<<<<
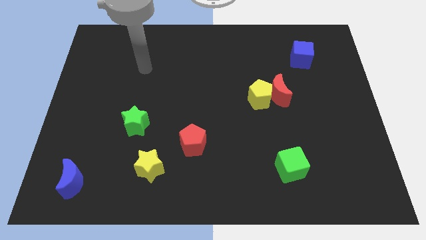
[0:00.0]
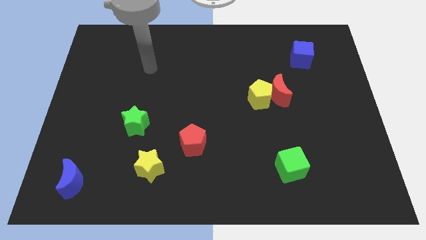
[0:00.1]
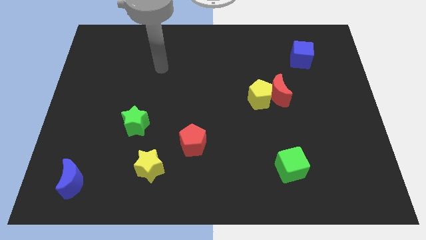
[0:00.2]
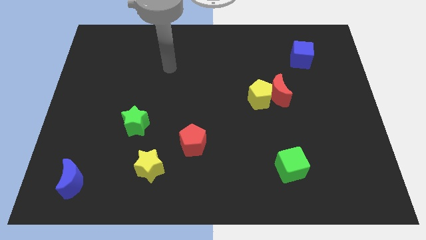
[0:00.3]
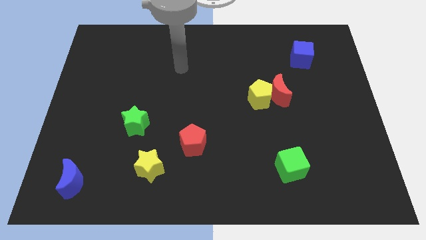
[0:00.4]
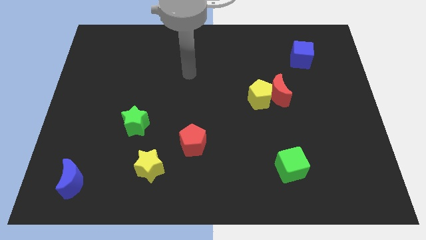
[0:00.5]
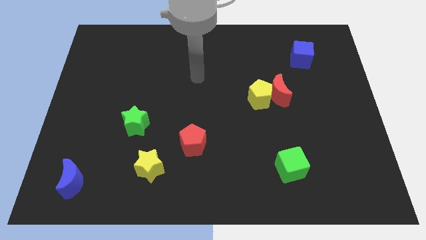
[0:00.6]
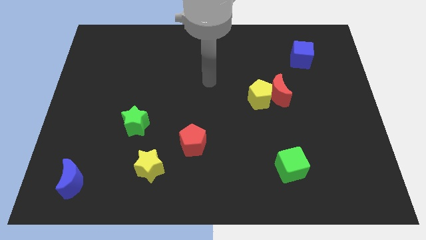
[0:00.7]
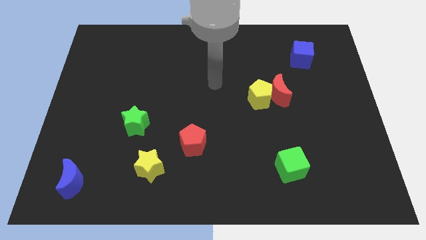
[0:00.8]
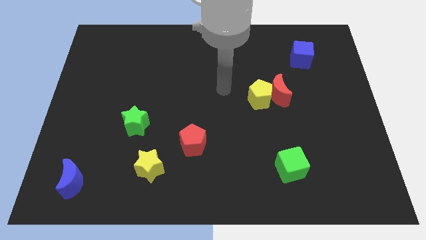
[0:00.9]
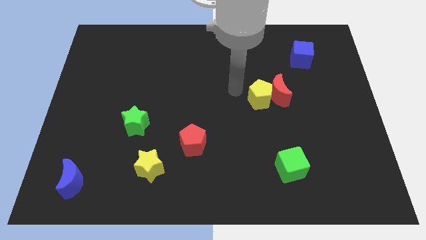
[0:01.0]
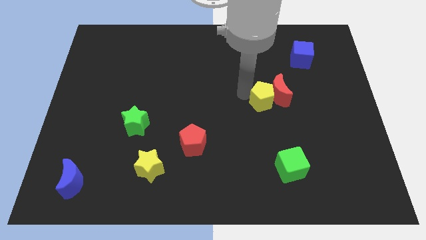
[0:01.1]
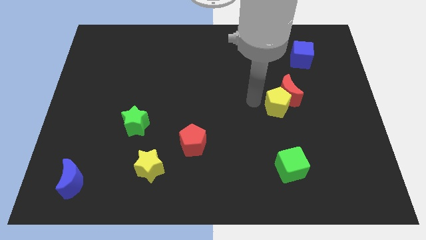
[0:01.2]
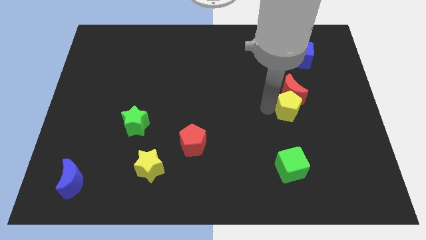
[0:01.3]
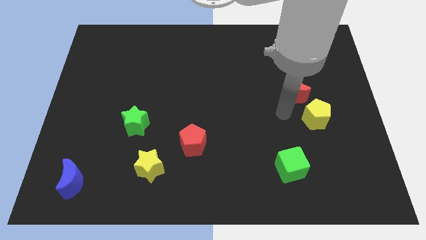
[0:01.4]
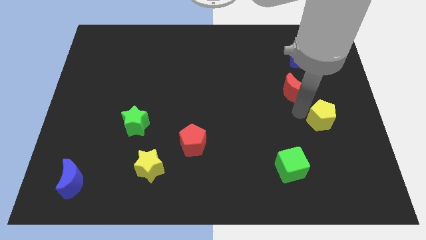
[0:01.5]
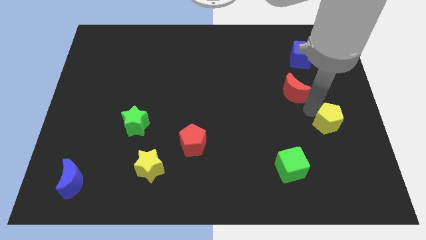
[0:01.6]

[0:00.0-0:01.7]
move the red moon away from the yellow pentagon

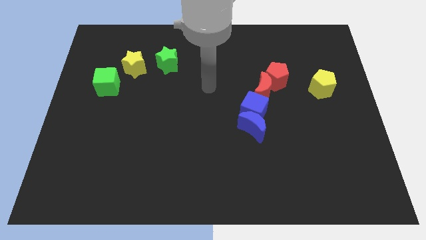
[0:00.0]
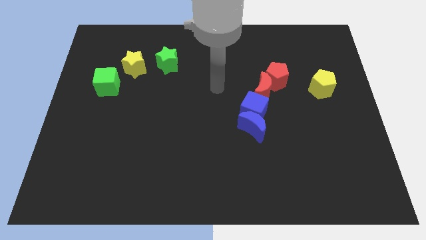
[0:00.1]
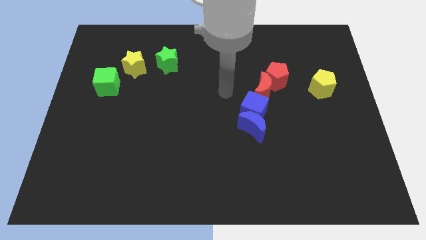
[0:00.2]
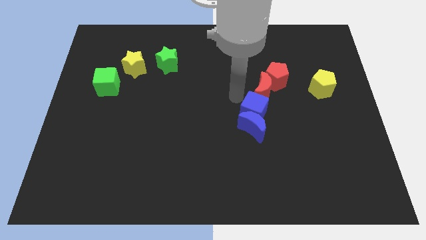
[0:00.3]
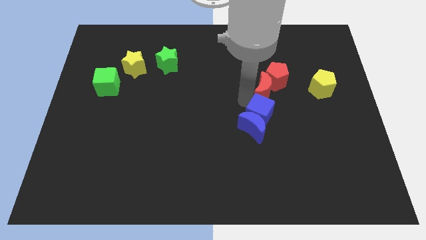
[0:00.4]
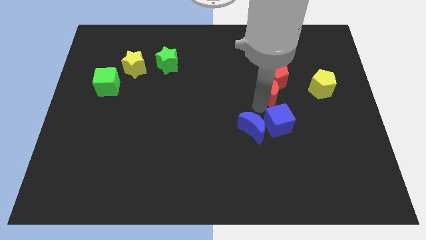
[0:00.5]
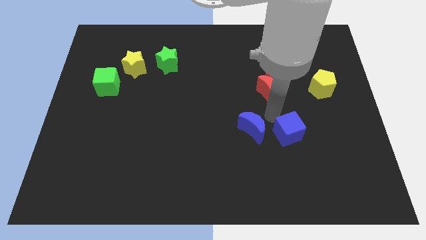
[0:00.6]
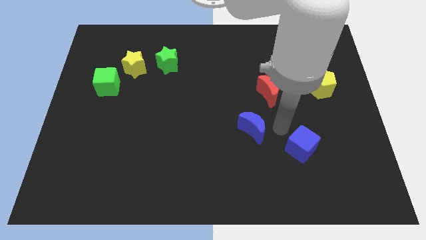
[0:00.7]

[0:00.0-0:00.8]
move the blue moon away from the blue cube

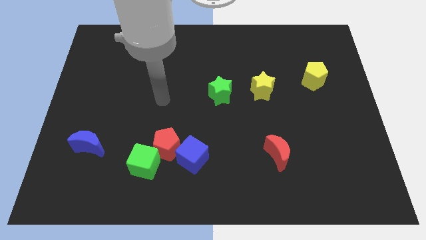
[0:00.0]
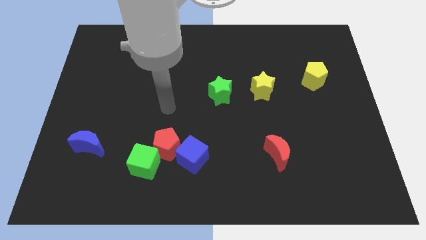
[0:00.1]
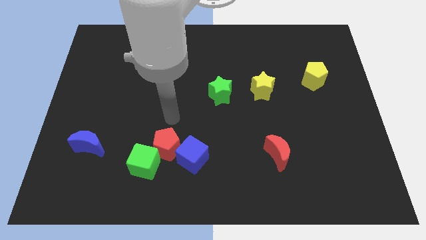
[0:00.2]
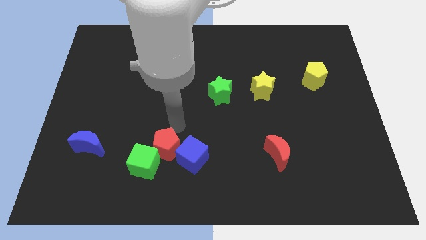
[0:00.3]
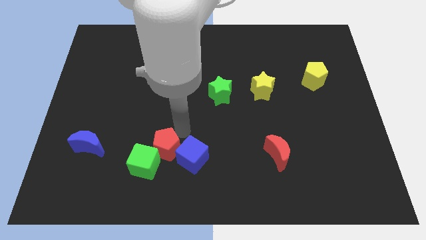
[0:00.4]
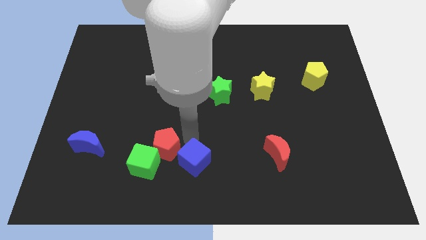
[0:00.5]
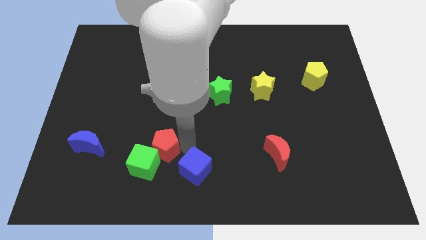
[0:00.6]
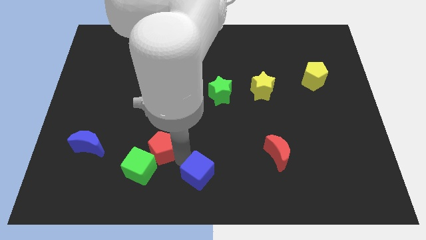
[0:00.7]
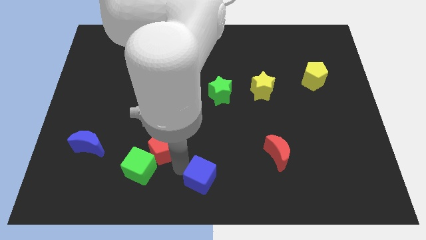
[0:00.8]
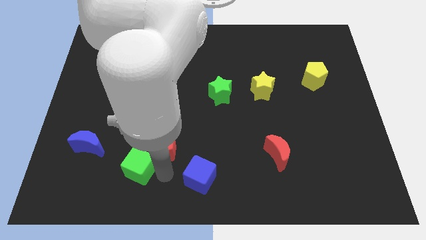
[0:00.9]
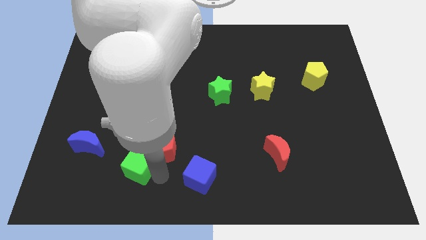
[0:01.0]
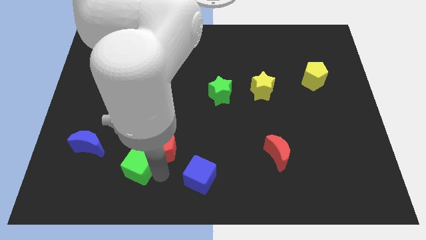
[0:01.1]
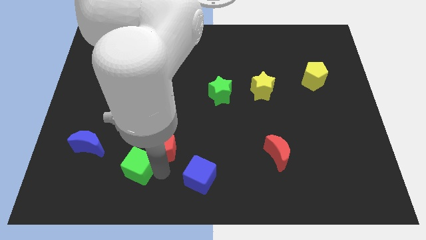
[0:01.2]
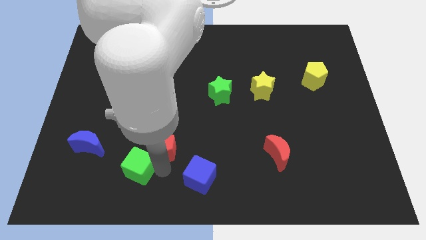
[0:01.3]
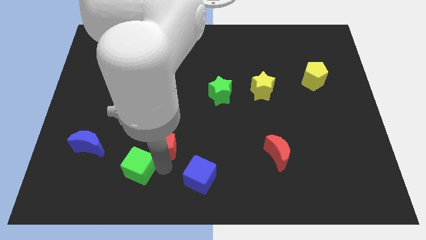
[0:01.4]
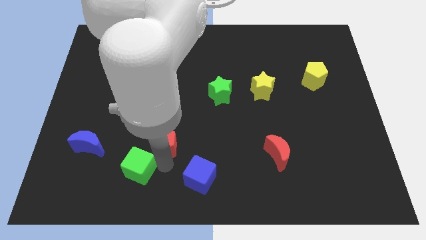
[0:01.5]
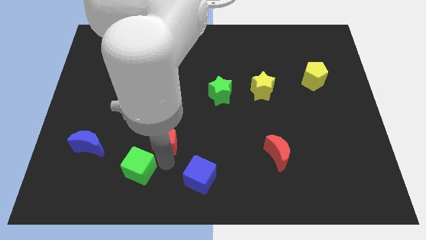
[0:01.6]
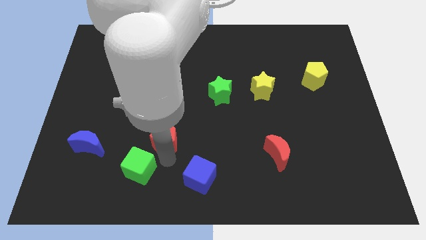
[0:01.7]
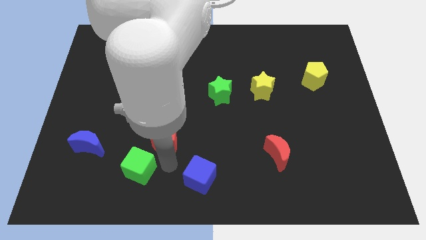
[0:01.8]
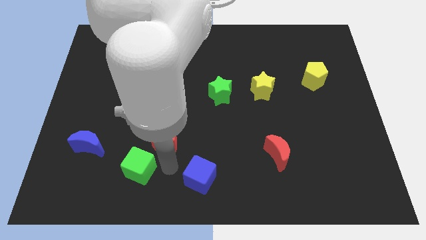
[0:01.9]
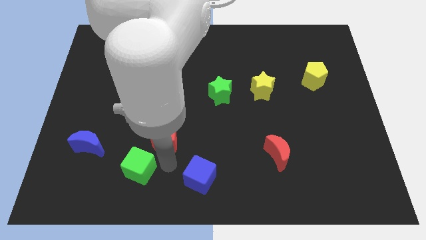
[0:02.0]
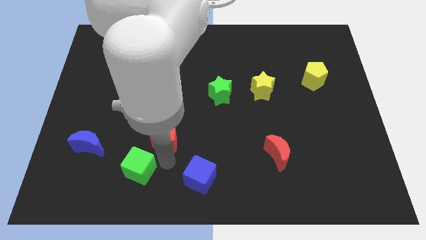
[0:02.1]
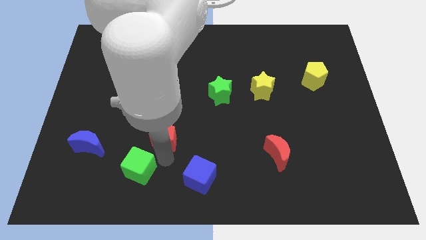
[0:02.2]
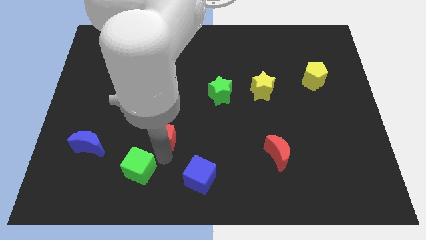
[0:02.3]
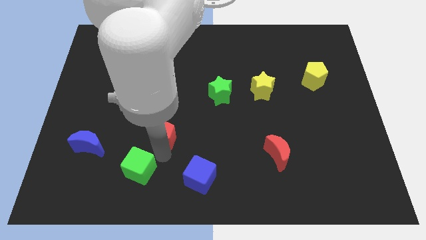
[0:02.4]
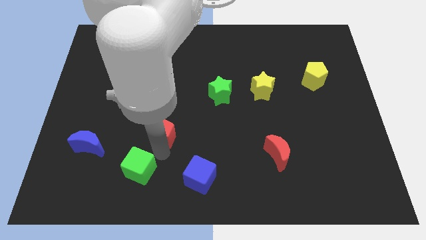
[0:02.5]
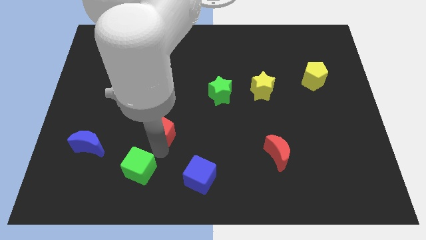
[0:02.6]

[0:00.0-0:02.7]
move the red pentagon away from the green cube and blue cube

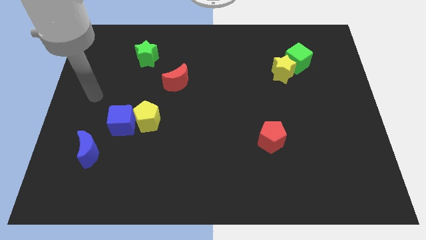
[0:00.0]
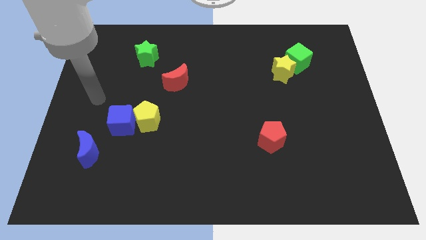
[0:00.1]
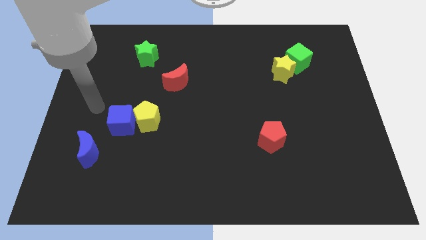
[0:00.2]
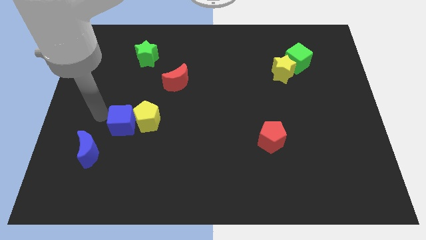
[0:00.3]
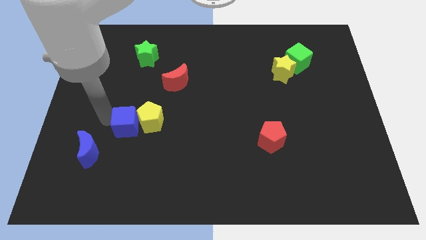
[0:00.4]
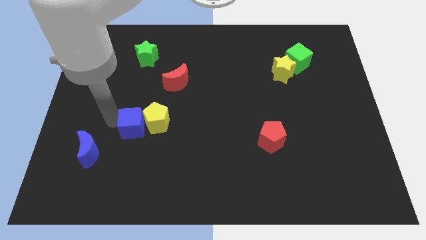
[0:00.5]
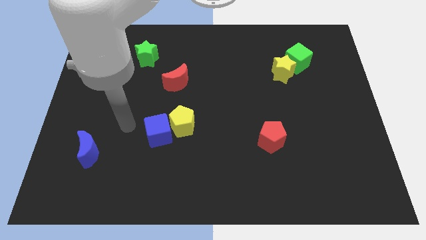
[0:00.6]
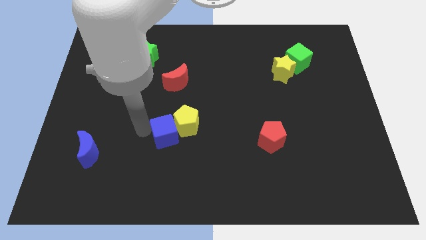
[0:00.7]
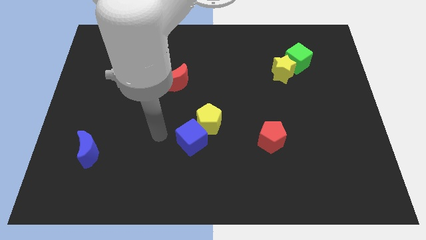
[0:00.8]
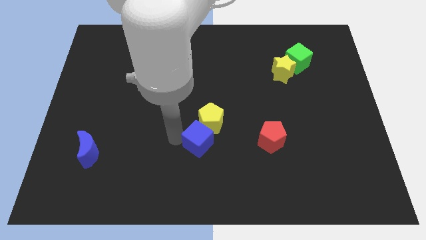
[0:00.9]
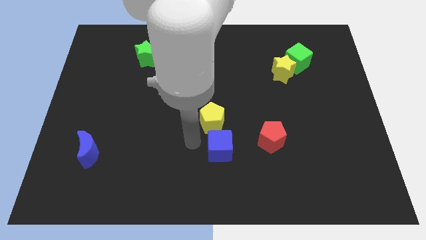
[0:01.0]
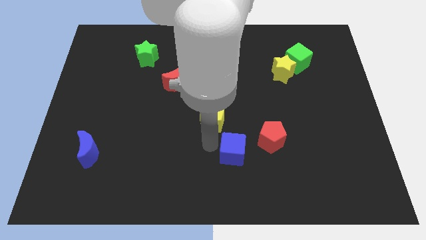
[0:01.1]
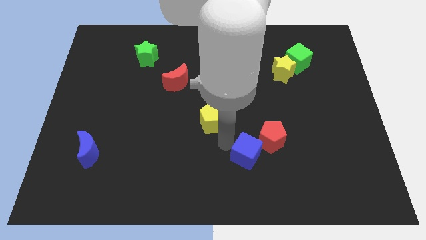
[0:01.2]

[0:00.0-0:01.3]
>>>>
How to complete this task: Exactly as written, give the entries above again, with no images.

Response to the exercise:
[0:00.0]
[0:00.1]
[0:00.2]
[0:00.3]
[0:00.4]
[0:00.5]
[0:00.6]
[0:00.7]
[0:00.8]
[0:00.9]
[0:01.0]
[0:01.1]
[0:01.2]
[0:01.3]
[0:01.4]
[0:01.5]
[0:01.6]

[0:00.0-0:01.7]
move the red moon away from the yellow pentagon

[0:00.0]
[0:00.1]
[0:00.2]
[0:00.3]
[0:00.4]
[0:00.5]
[0:00.6]
[0:00.7]

[0:00.0-0:00.8]
move the blue moon away from the blue cube

[0:00.0]
[0:00.1]
[0:00.2]
[0:00.3]
[0:00.4]
[0:00.5]
[0:00.6]
[0:00.7]
[0:00.8]
[0:00.9]
[0:01.0]
[0:01.1]
[0:01.2]
[0:01.3]
[0:01.4]
[0:01.5]
[0:01.6]
[0:01.7]
[0:01.8]
[0:01.9]
[0:02.0]
[0:02.1]
[0:02.2]
[0:02.3]
[0:02.4]
[0:02.5]
[0:02.6]

[0:00.0-0:02.7]
move the red pentagon away from the green cube and blue cube

[0:00.0]
[0:00.1]
[0:00.2]
[0:00.3]
[0:00.4]
[0:00.5]
[0:00.6]
[0:00.7]
[0:00.8]
[0:00.9]
[0:01.0]
[0:01.1]
[0:01.2]

[0:00.0-0:01.3]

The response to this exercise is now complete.